There’s been a few. I think when you first start, any DJ has to go through that. I put a picture on Instagram where it’s a split picture. The top part says, “Don’t expect this,” and it’s a picture of a full arena, just packed full of people. And then underneath it says, “if you’ve never experienced this,” and it’s a picture of just an empty — really, really empty — club. Obviously, the message is: You gotta put in the hard work. Do whatever you need to do to get behind the decks and get some experience DJ'ing.

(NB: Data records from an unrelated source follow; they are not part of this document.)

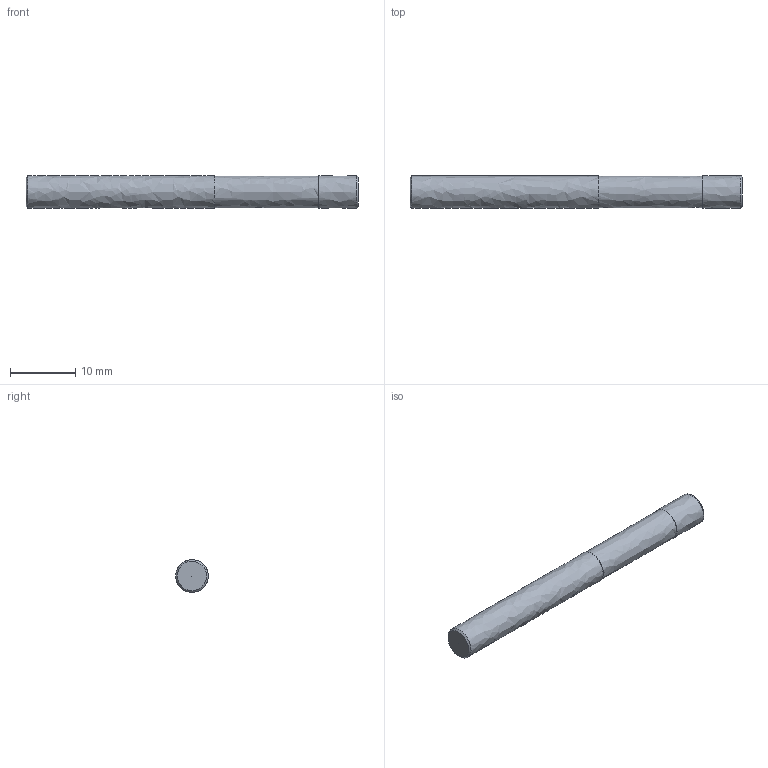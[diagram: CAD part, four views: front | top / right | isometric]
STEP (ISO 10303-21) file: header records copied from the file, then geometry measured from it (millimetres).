
FILE_DESCRIPTION ((), '1');
FILE_NAME ('135 0500N.STP', '2020-04-18T13:13:02', ('Unknown'), ('M.A.FORD Europe Ltd'), 'OneCNC-XR7 Mill 3D Expert', 'OneCNC-XR7 Mill 3D Expert', '');
FILE_SCHEMA (('CONFIG_CONTROL_DESIGN'));
Length unit declared in the file: millimetre
Bounding box: 51 x 5 x 5 mm (x, y, z)
Volume: 988.2 mm3; surface area: 832.8 mm2
Topology: 1 solids, 1 shells, 9 faces, 19 edges, 10 vertices
Faces by surface type: bspline 9
Entity records: 1181 total; most frequent: CARTESIAN_POINT 986, ORIENTED_EDGE 34, EDGE_CURVE 17, B_SPLINE_CURVE_WITH_KNOTS 11, VERTEX_POINT 10, EDGE_LOOP 9, FACE_OUTER_BOUND 9, ADVANCED_FACE 9

Once in England, I did a college party. I turned up and said to the promoter, "How’s it looking tonight?" And he said, "Not so great." I said, "Why not?" He said, "It’s Tuesday night." This club held 800 people. I counted. There was 19 people. That was the worst/best gig ever. Even though it was 19 people, I thought, I could either put my head down and look miserable or I can actually try and make something of it. So I stopped the music, got on the microphone, got all the people to come to the front. I looked around for all the beer I could find, held the beer up, and said, "You wanna start a party?" I gave the beers out, and they stayed the whole two hours. They all had a great time, and I really enjoyed it.

So MMW will have a few more people than 19. Rumor is you and Radio 1 have got something special planned. Can you give us some sort of sneak preview?
Well, I can’t reveal any lineup details just yet, but it’s gonna be myself and, of course, Pete Tong, and we’re gonna be doing a big, big party. I think it’s a pool party, actually, on Friday, which will be broadcast live on Radio 1 back in the U.K. and around the world. Then on Saturday, I’ll be doing my usual show. And I’ll be playing a couple of parties over there. Keep an eye on my socials and I’ll be announcing that soon.